And their stock at this, in the last year, it's off 72%.
My guess is that an activist is going to come in there and say, you need to lay off 70% of the people and use AI and offer, have a kind of a, what Figma is to Adobe, IT is, Gardner's going to need to come up with a lower cost product.
but I hadn't thought about the software guys getting this badly hurt.
But if you use Adobe, you're fluent in Adobe.
It's its own language.
It's its own job requirement.
And we like Figma.
All the kids are using Figma in design schools.
It's also gotten crushed.
Gotten crushed.
Yeah, I own Figma.
Anyways, we should timestamp this and come back in three, six, and 12 months
and see how these stocks are doing. ServiceNow is an interesting one. I've spoken at their
conferences, but I don't know that much about the company. Yeah, it just, again, massively
oversold. But your Gartner point is an interesting one because Gartner would be one of those
companies that is in that bucket of companies that have been absolutely crushed due to the AI thesis.

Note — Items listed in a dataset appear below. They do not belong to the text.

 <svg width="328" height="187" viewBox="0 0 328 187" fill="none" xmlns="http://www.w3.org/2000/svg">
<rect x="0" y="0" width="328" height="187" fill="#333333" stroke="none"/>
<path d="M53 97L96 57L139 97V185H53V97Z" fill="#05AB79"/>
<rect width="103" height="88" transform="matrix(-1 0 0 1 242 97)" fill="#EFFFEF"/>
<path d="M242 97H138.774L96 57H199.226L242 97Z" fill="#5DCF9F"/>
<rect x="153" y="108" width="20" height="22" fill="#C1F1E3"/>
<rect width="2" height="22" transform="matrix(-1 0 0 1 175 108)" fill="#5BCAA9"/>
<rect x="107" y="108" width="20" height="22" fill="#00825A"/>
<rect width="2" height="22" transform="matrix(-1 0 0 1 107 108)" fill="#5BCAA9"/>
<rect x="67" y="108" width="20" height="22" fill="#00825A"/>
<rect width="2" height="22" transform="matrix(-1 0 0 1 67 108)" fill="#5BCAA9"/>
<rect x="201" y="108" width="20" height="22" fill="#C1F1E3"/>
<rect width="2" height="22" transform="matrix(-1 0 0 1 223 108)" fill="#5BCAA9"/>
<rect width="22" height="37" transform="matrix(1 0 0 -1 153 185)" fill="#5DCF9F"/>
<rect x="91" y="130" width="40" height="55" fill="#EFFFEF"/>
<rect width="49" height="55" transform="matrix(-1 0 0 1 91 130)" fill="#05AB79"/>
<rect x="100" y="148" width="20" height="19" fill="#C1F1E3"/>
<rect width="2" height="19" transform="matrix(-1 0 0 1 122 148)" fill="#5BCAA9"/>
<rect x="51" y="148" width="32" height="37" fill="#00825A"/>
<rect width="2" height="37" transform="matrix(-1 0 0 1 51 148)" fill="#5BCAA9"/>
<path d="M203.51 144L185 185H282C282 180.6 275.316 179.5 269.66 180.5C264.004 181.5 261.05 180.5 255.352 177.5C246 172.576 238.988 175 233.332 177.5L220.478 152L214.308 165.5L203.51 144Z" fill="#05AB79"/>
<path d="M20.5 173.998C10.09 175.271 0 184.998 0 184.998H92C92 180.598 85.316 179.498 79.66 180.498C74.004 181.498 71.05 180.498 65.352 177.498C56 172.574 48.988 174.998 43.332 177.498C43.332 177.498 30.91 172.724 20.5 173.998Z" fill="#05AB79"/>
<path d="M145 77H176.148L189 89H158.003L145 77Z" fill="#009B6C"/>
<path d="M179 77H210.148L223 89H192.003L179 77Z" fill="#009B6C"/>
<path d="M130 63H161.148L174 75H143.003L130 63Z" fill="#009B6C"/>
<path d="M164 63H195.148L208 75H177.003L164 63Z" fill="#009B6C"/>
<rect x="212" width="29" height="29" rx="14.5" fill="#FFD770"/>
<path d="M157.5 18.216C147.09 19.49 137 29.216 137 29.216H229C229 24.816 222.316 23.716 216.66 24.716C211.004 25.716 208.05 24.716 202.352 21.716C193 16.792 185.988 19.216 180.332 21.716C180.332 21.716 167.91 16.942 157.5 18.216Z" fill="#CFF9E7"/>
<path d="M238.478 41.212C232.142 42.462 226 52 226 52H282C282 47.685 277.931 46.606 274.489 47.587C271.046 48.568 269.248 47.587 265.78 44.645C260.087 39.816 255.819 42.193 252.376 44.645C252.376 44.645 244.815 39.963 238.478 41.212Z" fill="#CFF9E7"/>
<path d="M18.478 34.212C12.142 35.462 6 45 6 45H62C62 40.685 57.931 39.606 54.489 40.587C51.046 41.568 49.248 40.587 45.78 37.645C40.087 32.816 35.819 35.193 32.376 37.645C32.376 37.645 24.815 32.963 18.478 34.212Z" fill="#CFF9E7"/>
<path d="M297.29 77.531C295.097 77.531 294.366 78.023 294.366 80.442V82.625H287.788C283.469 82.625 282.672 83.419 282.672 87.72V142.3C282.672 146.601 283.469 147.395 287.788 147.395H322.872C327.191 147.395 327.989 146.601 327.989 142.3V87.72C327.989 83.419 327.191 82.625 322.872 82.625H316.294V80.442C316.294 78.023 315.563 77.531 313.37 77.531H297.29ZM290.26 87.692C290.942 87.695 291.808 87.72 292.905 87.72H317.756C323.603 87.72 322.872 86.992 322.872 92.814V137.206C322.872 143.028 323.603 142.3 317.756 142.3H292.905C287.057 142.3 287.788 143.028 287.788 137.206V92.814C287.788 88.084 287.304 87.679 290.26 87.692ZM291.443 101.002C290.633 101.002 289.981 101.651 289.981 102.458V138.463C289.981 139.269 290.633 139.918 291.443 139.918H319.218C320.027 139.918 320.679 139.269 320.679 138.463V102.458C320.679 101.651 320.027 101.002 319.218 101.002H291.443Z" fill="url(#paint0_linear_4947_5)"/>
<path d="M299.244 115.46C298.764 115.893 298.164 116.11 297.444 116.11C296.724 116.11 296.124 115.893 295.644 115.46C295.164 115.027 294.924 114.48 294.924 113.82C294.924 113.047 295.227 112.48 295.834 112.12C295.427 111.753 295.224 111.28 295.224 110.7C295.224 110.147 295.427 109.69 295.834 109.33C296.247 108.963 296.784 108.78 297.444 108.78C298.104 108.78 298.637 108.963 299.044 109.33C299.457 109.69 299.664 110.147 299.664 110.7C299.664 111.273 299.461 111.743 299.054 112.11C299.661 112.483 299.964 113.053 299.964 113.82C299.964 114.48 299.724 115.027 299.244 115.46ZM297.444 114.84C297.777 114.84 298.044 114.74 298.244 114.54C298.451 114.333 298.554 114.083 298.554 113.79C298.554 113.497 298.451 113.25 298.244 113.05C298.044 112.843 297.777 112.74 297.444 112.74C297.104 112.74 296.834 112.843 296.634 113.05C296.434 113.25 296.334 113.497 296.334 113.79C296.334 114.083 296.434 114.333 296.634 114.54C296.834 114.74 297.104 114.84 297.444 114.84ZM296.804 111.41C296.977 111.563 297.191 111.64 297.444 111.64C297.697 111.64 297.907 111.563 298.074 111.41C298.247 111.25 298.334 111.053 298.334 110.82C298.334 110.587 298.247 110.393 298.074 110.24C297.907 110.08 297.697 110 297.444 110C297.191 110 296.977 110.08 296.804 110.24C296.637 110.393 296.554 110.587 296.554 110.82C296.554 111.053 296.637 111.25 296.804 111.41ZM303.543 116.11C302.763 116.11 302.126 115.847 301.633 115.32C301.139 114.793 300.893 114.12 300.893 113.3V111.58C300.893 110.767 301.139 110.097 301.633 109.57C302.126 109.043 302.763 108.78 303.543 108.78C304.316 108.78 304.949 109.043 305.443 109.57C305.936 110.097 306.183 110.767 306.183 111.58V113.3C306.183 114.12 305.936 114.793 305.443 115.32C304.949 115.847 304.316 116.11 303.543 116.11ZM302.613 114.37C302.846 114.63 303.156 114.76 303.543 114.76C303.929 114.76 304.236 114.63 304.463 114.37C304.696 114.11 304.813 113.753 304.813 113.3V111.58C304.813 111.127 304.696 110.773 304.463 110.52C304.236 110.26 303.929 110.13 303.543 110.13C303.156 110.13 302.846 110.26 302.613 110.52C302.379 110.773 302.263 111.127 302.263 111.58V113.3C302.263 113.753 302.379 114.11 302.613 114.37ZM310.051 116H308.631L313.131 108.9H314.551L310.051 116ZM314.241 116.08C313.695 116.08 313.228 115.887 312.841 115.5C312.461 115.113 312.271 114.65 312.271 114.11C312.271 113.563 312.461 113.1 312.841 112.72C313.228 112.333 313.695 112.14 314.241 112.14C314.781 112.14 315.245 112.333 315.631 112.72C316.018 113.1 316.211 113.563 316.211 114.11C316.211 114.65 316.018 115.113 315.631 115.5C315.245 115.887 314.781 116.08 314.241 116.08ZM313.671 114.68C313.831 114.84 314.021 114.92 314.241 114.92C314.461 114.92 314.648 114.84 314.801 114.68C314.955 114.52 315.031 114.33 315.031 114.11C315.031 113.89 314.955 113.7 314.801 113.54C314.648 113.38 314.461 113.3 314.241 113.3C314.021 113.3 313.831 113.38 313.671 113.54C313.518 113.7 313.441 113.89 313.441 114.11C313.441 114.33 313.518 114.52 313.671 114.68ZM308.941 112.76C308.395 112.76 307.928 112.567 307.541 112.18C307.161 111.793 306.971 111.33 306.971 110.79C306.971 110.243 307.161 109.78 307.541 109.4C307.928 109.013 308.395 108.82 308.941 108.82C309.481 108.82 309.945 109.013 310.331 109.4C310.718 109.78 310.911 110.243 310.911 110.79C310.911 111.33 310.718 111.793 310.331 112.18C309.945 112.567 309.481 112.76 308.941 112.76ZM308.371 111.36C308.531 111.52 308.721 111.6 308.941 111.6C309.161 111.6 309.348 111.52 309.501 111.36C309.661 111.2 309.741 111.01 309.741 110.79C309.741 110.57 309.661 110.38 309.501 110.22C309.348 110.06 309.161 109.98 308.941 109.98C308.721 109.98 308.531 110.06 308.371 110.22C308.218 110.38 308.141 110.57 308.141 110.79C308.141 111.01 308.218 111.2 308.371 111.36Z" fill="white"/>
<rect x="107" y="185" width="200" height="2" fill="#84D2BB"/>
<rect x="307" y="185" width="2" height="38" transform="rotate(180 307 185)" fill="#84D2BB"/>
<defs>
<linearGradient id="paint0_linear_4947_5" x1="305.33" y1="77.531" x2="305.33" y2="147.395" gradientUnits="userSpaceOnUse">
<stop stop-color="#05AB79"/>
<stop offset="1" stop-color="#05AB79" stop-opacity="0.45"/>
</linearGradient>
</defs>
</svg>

But this is where I think stock picking actually does come in handy and it actually is useful. I mean,
that we're usually pro-ETFs, just, you know, it does diversified indices. But when something like
this happens, where a technology comes in and it just decimates the whole narrative of an industry,
and it's not unreasonable. I mean, the idea that AI is going to massively disrupt software is a
very reasonable pick. The point being, there are going to be winners and losers. It's possible
that there will be losers in this, which is why you want to go in and,
and figure out, okay, what are the winners here?
Because right now, everyone is being undervalued right now.
Everyone is getting sold, regardless of what you're doing with your business.
And that's why I think I've chosen a few names
as opposed to going for the whole bucket of companies themselves
because I do think it is reasonable to look at what's happening and say,
okay, well, this company isn't taking AI very seriously.
This company's product actually isn't very differentiated.
and their relationships with their enterprises isn't as strong as some others.
Therefore, this one actually will get burned.
And maybe Gautner is one of those companies.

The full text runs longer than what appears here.